Here are some things we look for in good tests.

  • Are the tests comprehensive? Is all the functionality tested?

  • Where possible, are the tests self-contained and independent?

  • Did you anticipate potential problems, tricky cases, and boundary conditions?

  • Did you develop the tests in a good order? Did you test basic functionality before more advanced functionality? Did you take small, carefully chosen steps?

Common questions

Should each EXPECT/EXPECT_EQUAL be in a STUDENT_TEST code block of its own or can I list several within one code block?

For tests that are closely related, it may be convenient to group them together in the same code block under one test name. The tests will operate as one combined group and show up in the report as one aggregate success (if all pass) or one failure (if at least one fails).

However, there are advantages to separating each individual test case into its own code block. You will be able to choose a clear, specific name for this block. The separation isolates each test so you can easily identify exactly which cases are passing and which are failing. For example, if you have,

STUDENT_TEST("Many tests together"){
    EXPECT(... Test A ...)
    EXPECT(... Test B ...)
    EXPECT(... Test C ...)
}

then if Test B fails, Test C will never run and you won't be able to see the output – you won't know if Test C passed or failed. On the other hand, if you structure your tests like this

STUDENT_TEST("Test A"){
    EXPECT(... Test A ...)
}

STUDENT_TEST("Test B"){
    EXPECT(... Test B ...)
}

STUDENT_TEST("Test C"){
    EXPECT(... Test C ...)
}

then all the tests will run individually, and even if Test B fails, you will still get independent information about Tests A and C. Having this sort of isolated behavior might make debugging any problems you encounter a little bit easier!

When the instructions say to "add 2 tests," do we count each STUDENT_TEST or each EXPECT_EQUAL?

Each use of EXPECT/EXPECT_EQUAL is counted as a test case. Read the answer to the previous question for some things to consider when deciding whether to group multiple test cases under a single STUDENT_TEST group or keep separated.

What happens if my test case is bogus or malformed?

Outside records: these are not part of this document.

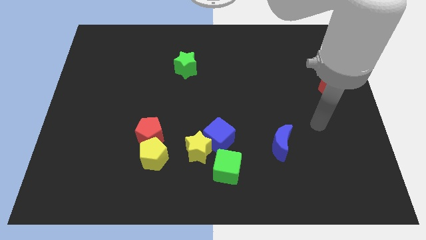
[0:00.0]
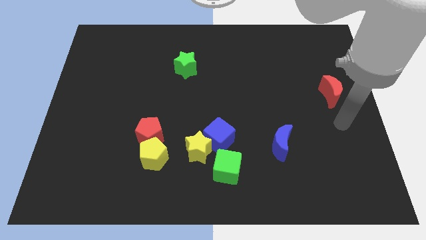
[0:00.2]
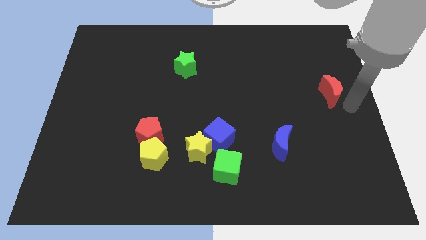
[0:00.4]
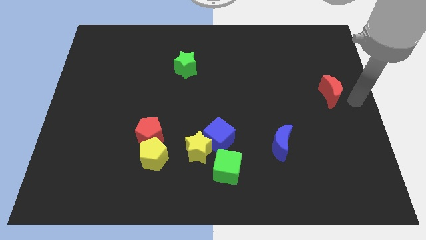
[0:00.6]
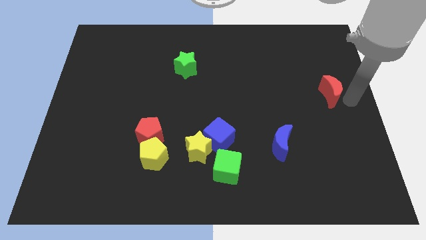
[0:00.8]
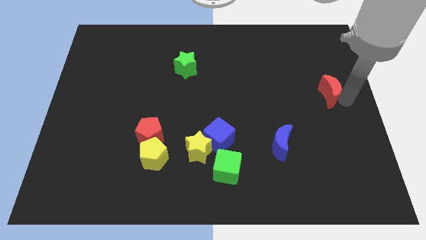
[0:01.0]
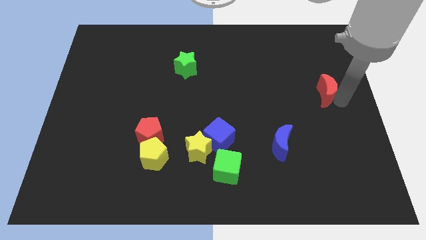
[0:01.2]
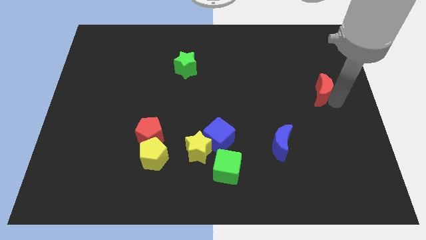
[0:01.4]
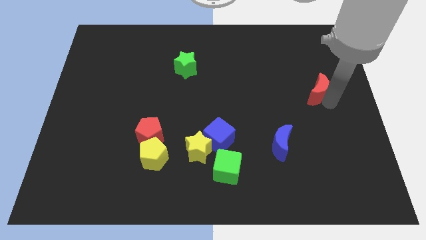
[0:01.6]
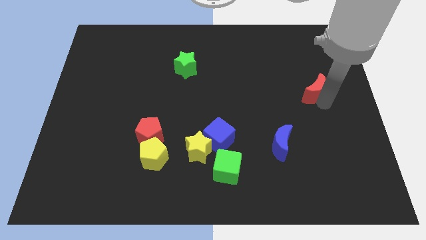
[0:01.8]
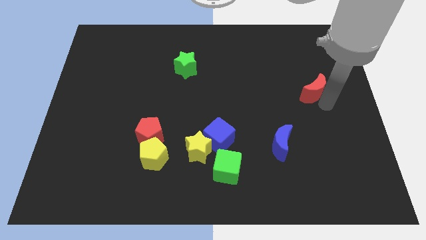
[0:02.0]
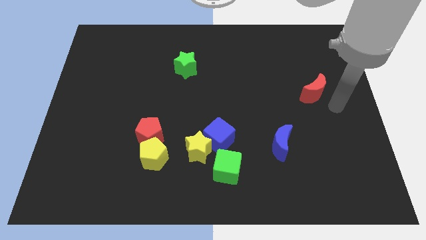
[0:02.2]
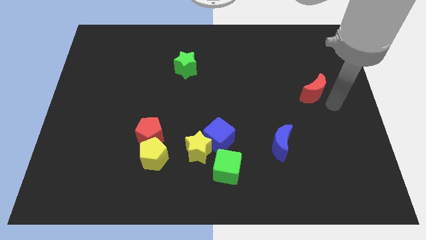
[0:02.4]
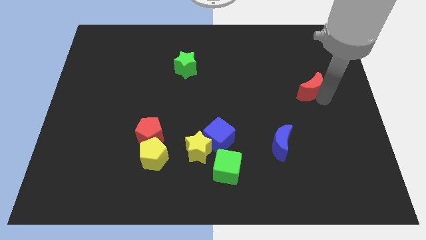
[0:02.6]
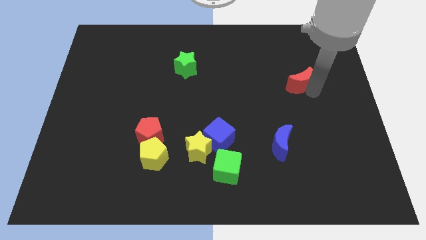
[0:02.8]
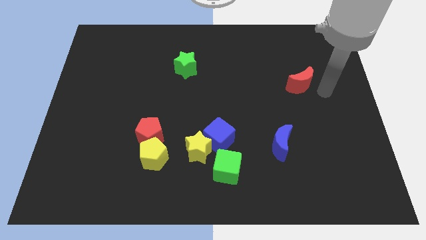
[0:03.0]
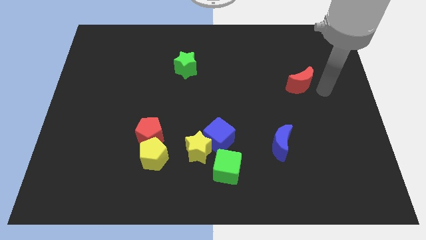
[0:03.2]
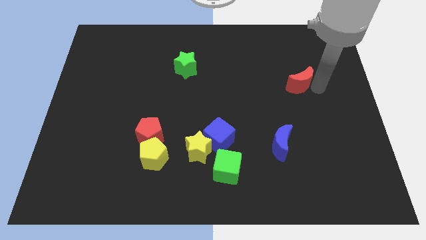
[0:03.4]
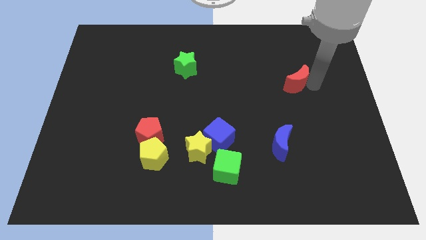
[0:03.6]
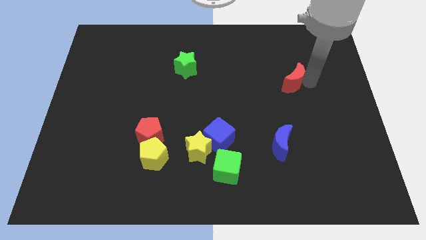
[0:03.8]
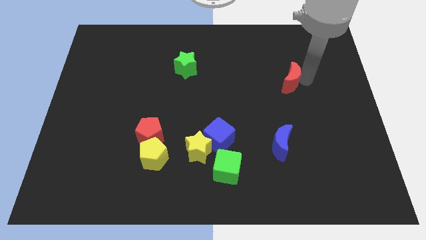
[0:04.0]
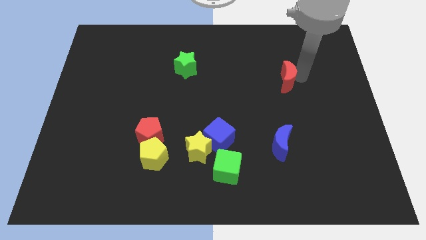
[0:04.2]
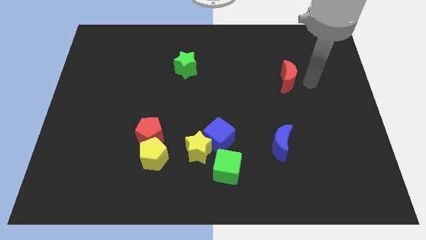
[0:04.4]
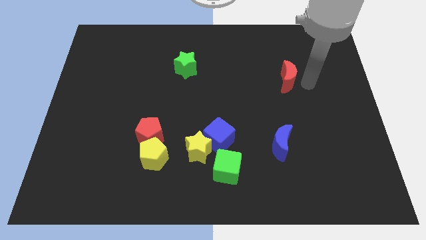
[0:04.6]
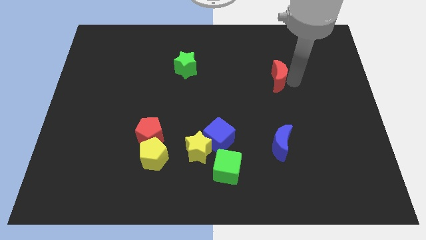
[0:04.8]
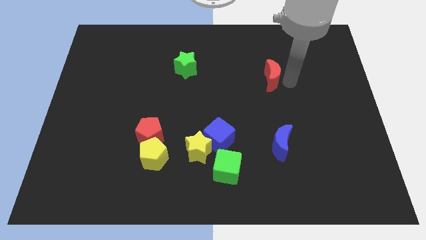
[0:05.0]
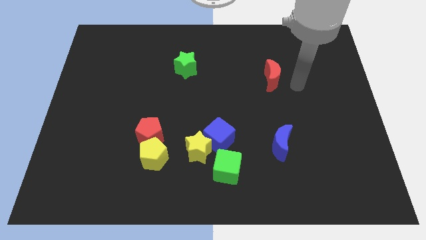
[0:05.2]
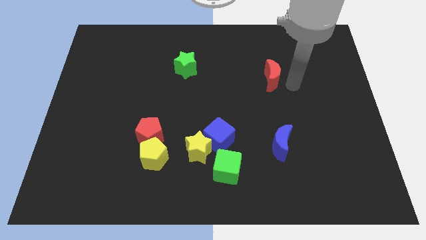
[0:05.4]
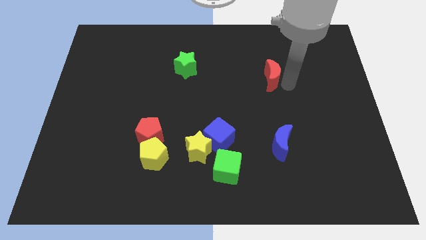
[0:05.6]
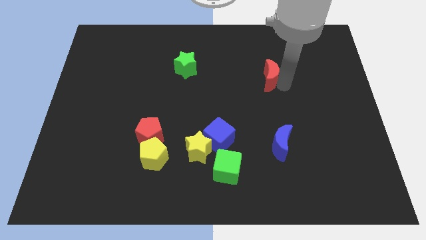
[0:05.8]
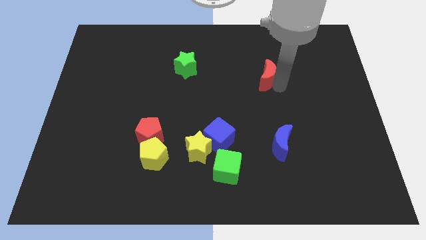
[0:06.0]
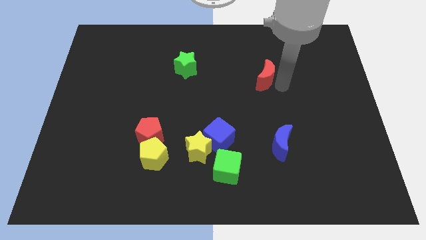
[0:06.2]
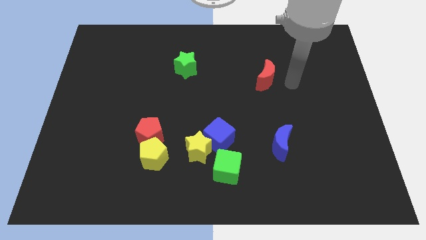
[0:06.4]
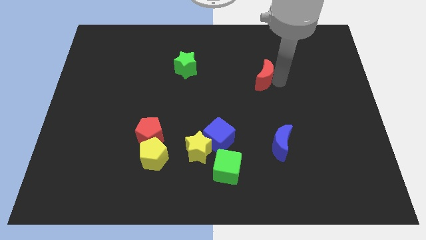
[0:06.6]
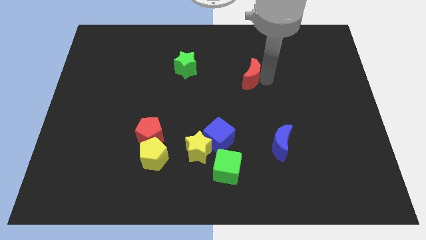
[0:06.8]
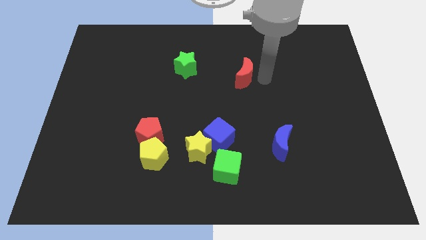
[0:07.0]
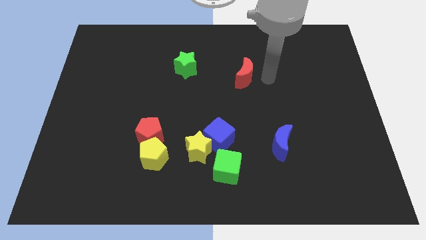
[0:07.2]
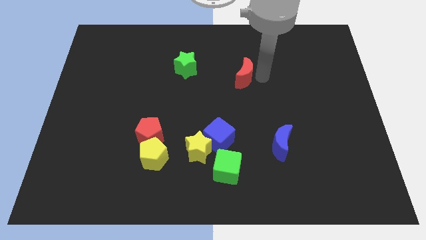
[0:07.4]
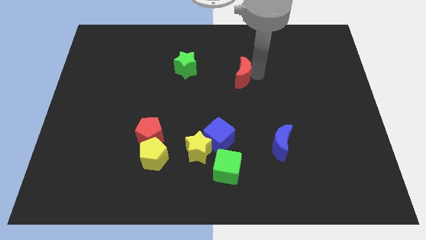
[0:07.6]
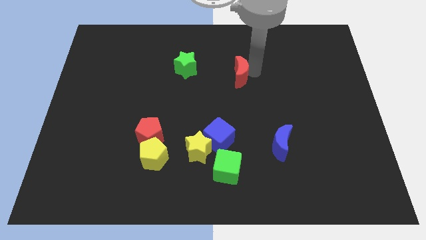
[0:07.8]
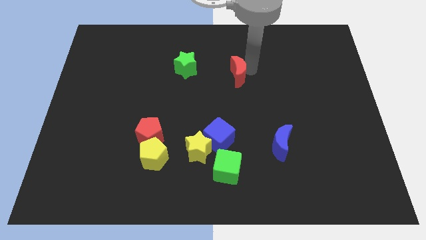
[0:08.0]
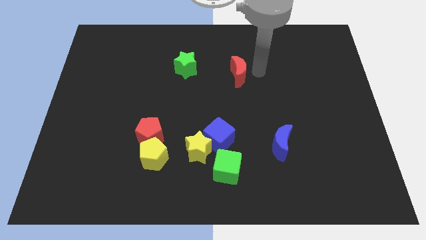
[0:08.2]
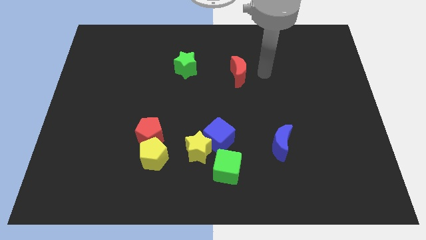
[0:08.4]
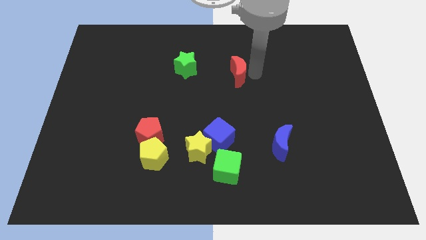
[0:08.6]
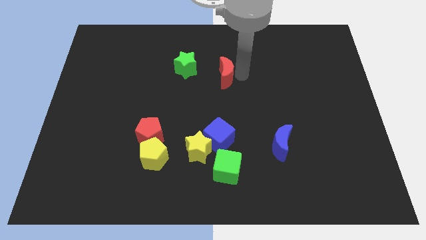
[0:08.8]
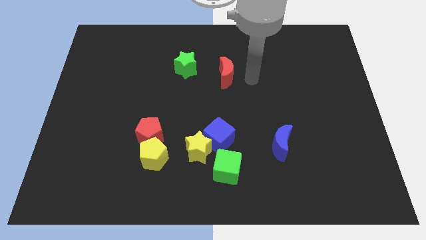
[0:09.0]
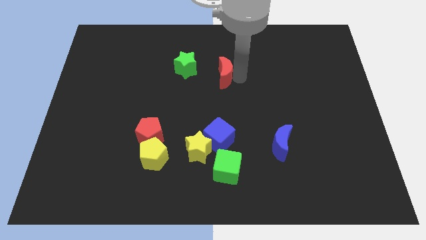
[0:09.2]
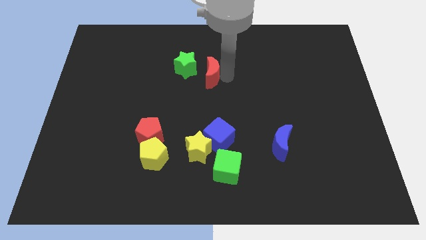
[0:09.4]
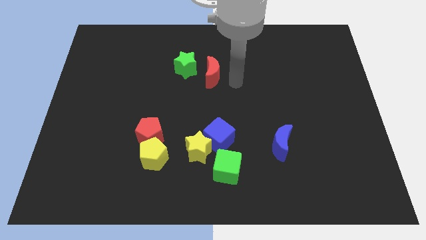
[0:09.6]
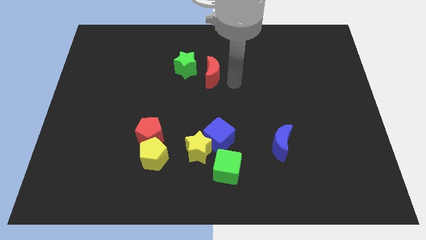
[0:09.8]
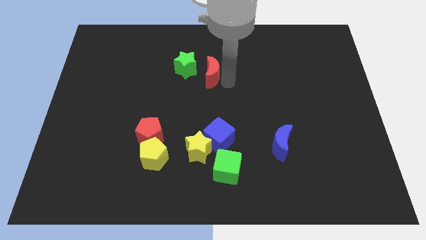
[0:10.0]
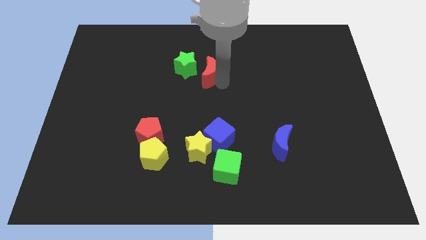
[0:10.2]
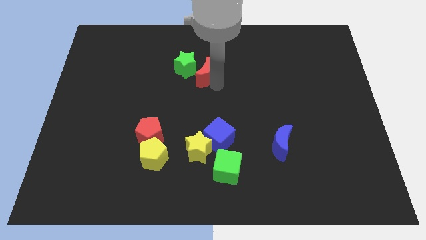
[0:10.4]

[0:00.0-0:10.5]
push the red moon next to the green star

When testing your code, you should construct each test case so that a correct program will pass (receive a "CORRECT") for each case. A "bogus" test case is one that has been designed to "fail" given a correct program. If a test case is bogus, it is usually asking the wrong question about a problem.

For example, suppose you wrote a function to check if a stoplight is green. But in order to check that it works, you write a test case that you want to deliberately fail in order to show that your function correctly returns false when given "red":

STUDENT_TEST("check if isStoplightGreen() works") {
    stoplightColor = "red";
    EXPECT(isStoplightGreen(stoplightColor));
}

If your isStoplightGreen() function returns true only when passed "green," a correctly written program will always fail this test case. Instead, you would want to ask the question, "Does the function work when passed green?" or "Does the function return false when passed red?" Either of the tests below would be better designs to do this.

STUDENT_TEST("check if isStoplightGreen() works for green lights") {
    stoplightColor = "green";
    EXPECT(isStoplightGreen(stoplightColor));
}

STUDENT_TEST("check if isStoplightGreen() returns false when given red") {
    stoplightColor = "red";
    EXPECT(!isStoplightGreen(stoplightColor));
}

Both of these tests will pass for correctly written code. In short, make sure to design tests that pass rather than fail to demonstrate that your code is working.

The font/sizes/colors in the Simple Test result window are not pleasing to me. Can I customize the display?

Yes! Look in the Qt project browser under Other files->testing for a file named styles.css. This file is the CSS stylesheet for the Simple Test window. Edit this file to change the display styles. Each project has its own copy of the stylesheet. Copy the edited stylesheet from this project into a new project to carry those customizations forward.